AIM OF THE TASK: Once the line with "Sex: female" is reached, output it and every line after it, exactly, through the end of the records below. Pictures are skipped.

(Records excerpted from a collection)
--------------------
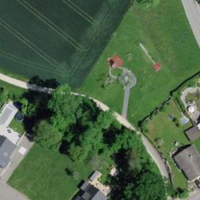
EUNIS habitat code: 52
Species observed at this site:
Sorbus aucuparia
Geranium sanguineum
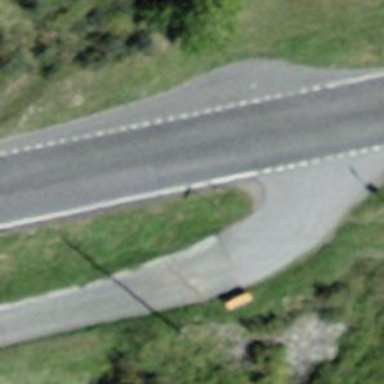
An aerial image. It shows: Bus stop with platform for public transport.
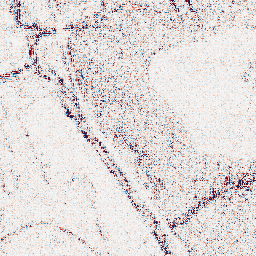
Category: wavelet
Decomposition family: wavelet_dwt
Decomposition parameters: wavelet: sym4
level: 1
Upsampling method: area
Upsampling parameters: scale: 8
Upsampling scale: 8
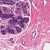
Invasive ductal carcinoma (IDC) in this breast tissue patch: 0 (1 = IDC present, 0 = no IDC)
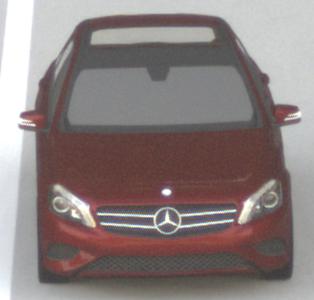
Make: Mercedes-Benz
Model: A 180
Detailed model: A-Class (176)
Model produced from: 2012/09
Model produced until: 2015/07
Doors: 5
Color: red
Road condition: dry road
Daytime: morning or afternoon
Contrast: medium contrast
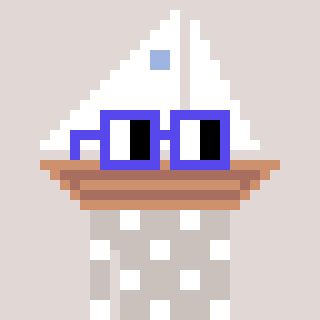
a pixel art character with square blue glasses, a sailboat-shaped head and a foggrey-colored body on a warm background
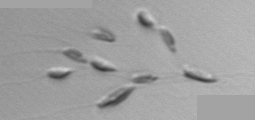
Label: Dinobryon
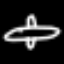
Label: airplane
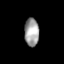
Tissue: skin
Cell type: Others
Senescence score: 0.8044
Nuclear area (px): 400
Mean DAPI intensity: 159.61
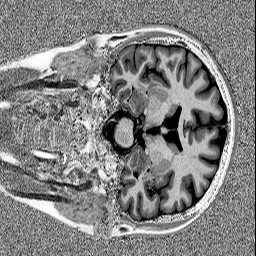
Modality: MP2RAGE
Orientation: coronal
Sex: female
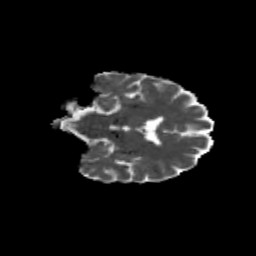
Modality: MD
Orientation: coronal
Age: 69
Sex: male
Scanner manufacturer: siemens
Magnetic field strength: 3 T
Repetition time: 4.71 s
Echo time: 0.0906 s
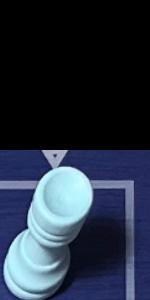
Label: Rook_White
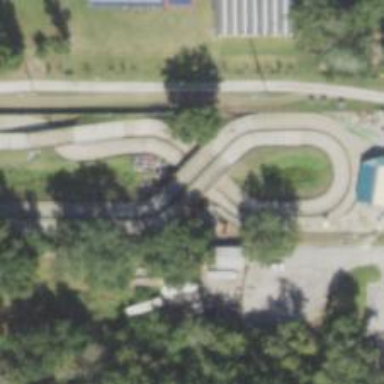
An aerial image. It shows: Karting raceway bridge.
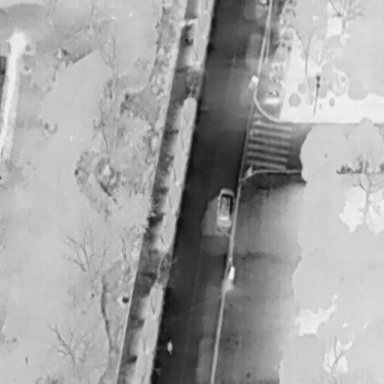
There is a Person in the infrared image.
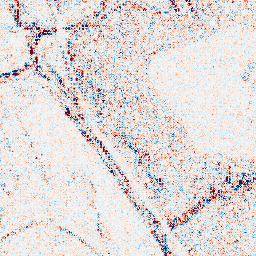
Category: wavelet
Decomposition family: wavelet_dwt
Decomposition parameters: wavelet: coif2
level: 1
Upsampling method: sinc_blackman
Upsampling parameters: scale: 4
kernel_size: 16
Upsampling scale: 4
--------------------
SOLUTION BELOW:
Sex: female
Modality: MD
Orientation: coronal
Age: 69
Sex: male
Scanner manufacturer: siemens
Magnetic field strength: 3 T
Repetition time: 4.71 s
Echo time: 0.0906 s
Label: Rook_White
An aerial image. It shows: Karting raceway bridge.
There is a Person in the infrared image.
Category: wavelet
Decomposition family: wavelet_dwt
Decomposition parameters: wavelet: coif2
level: 1
Upsampling method: sinc_blackman
Upsampling parameters: scale: 4
kernel_size: 16
Upsampling scale: 4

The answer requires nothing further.